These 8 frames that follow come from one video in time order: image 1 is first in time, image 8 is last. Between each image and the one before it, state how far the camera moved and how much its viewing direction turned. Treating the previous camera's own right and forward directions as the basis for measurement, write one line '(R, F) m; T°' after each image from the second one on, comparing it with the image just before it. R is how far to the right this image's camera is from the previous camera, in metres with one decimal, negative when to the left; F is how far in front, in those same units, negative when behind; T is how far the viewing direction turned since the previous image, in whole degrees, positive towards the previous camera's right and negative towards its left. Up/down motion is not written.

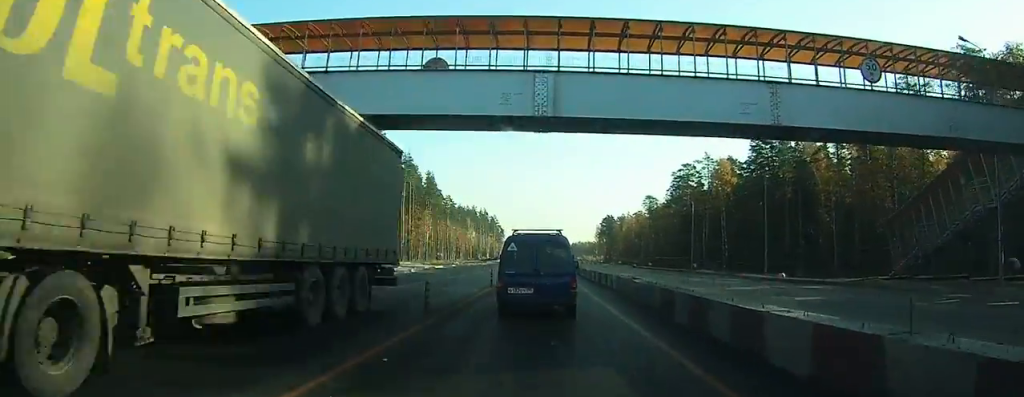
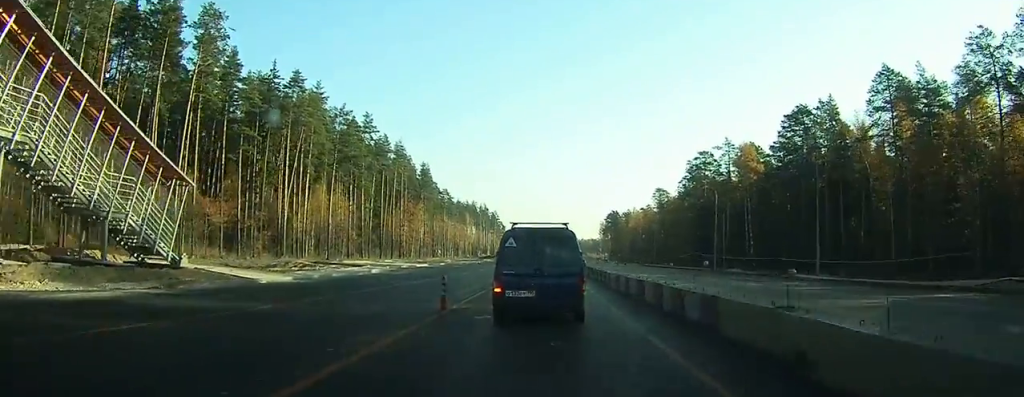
(0.0, +9.5) m; 0°
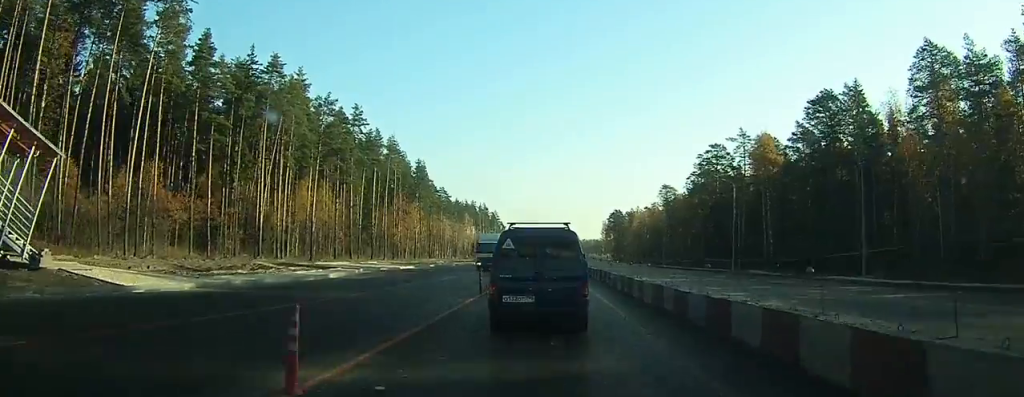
(0.0, +8.0) m; +2°
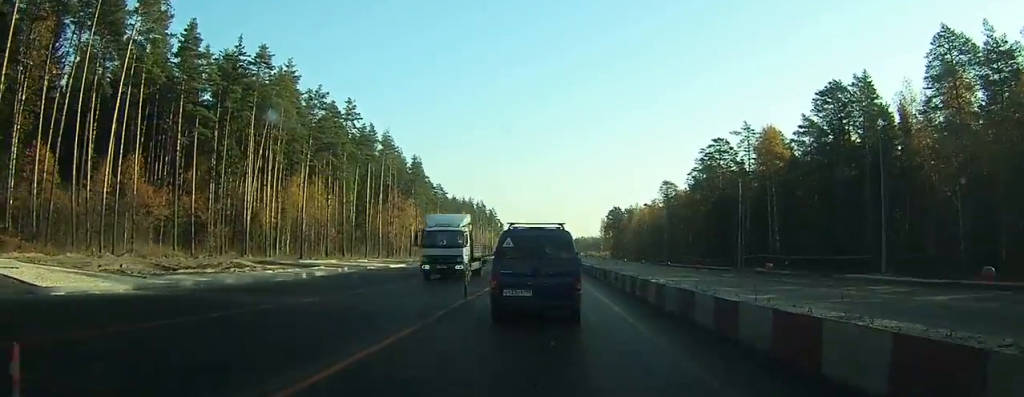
(+0.1, +3.9) m; +1°
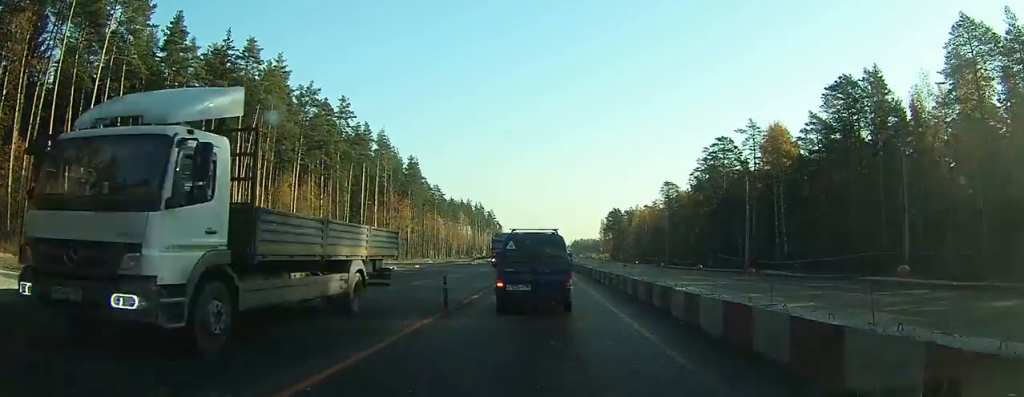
(+0.1, +4.2) m; +1°
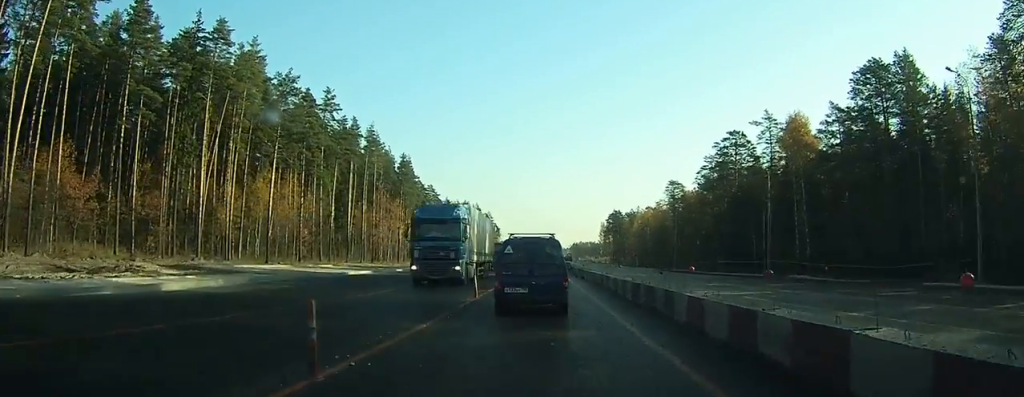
(-0.1, +7.6) m; -1°
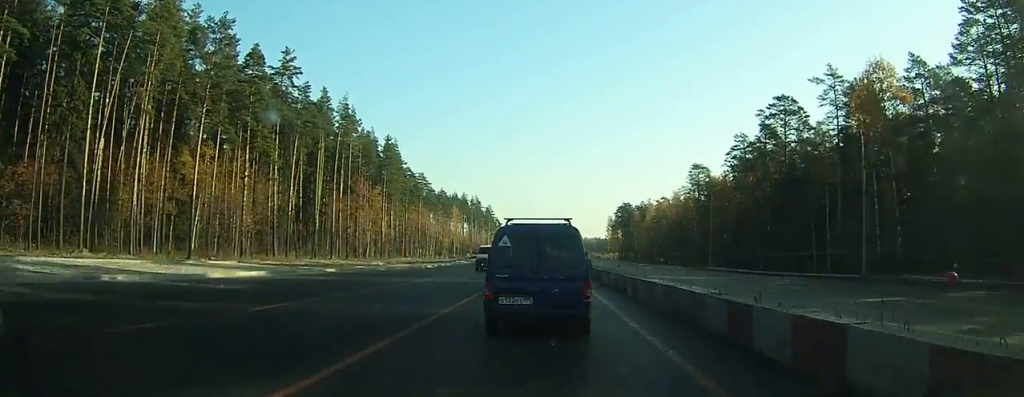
(-0.3, +15.6) m; -3°
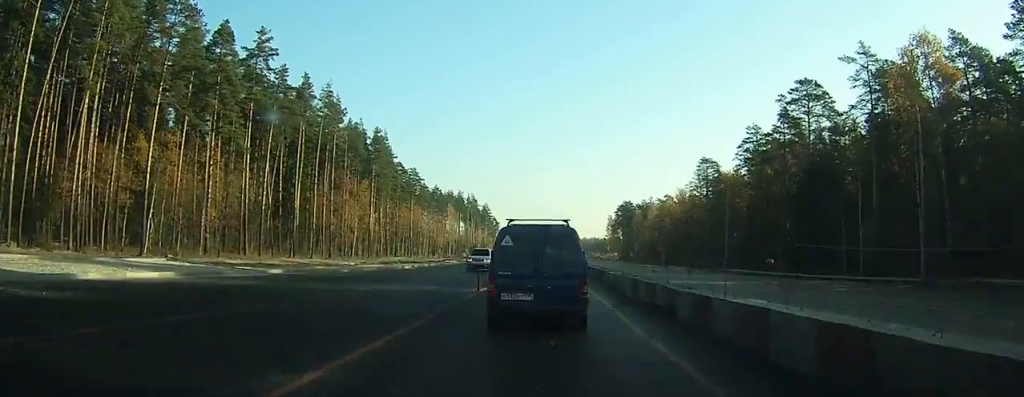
(-0.3, +8.6) m; -1°

— WHAT YOU WILL DO —
Every entry is to be reproduced word for word, and no image is carried over.

— SOLUTION TO THIS PROBLEM —
These 8 frames that follow come from one video in time order: image 1 is first in time, image 8 is last. Between each image and the one before it, state how far the camera moved and how much its viewing direction turned. Treating the previous camera's own right and forward directions as the basis for measurement, write one line '(R, F) m; T°' after each image from the second one on, comparing it with the image just before it. R is how far to the right this image's camera is from the previous camera, in metres with one decimal, negative when to the left; F is how far in front, in those same units, negative when behind; T is how far the viewing direction turned since the previous image, in whole degrees, positive towards the previous camera's right and negative towards its left. Up/down motion is not written.

(0.0, +9.5) m; 0°
(0.0, +8.0) m; +2°
(+0.1, +3.9) m; +1°
(+0.1, +4.2) m; +1°
(-0.1, +7.6) m; -1°
(-0.3, +15.6) m; -3°
(-0.3, +8.6) m; -1°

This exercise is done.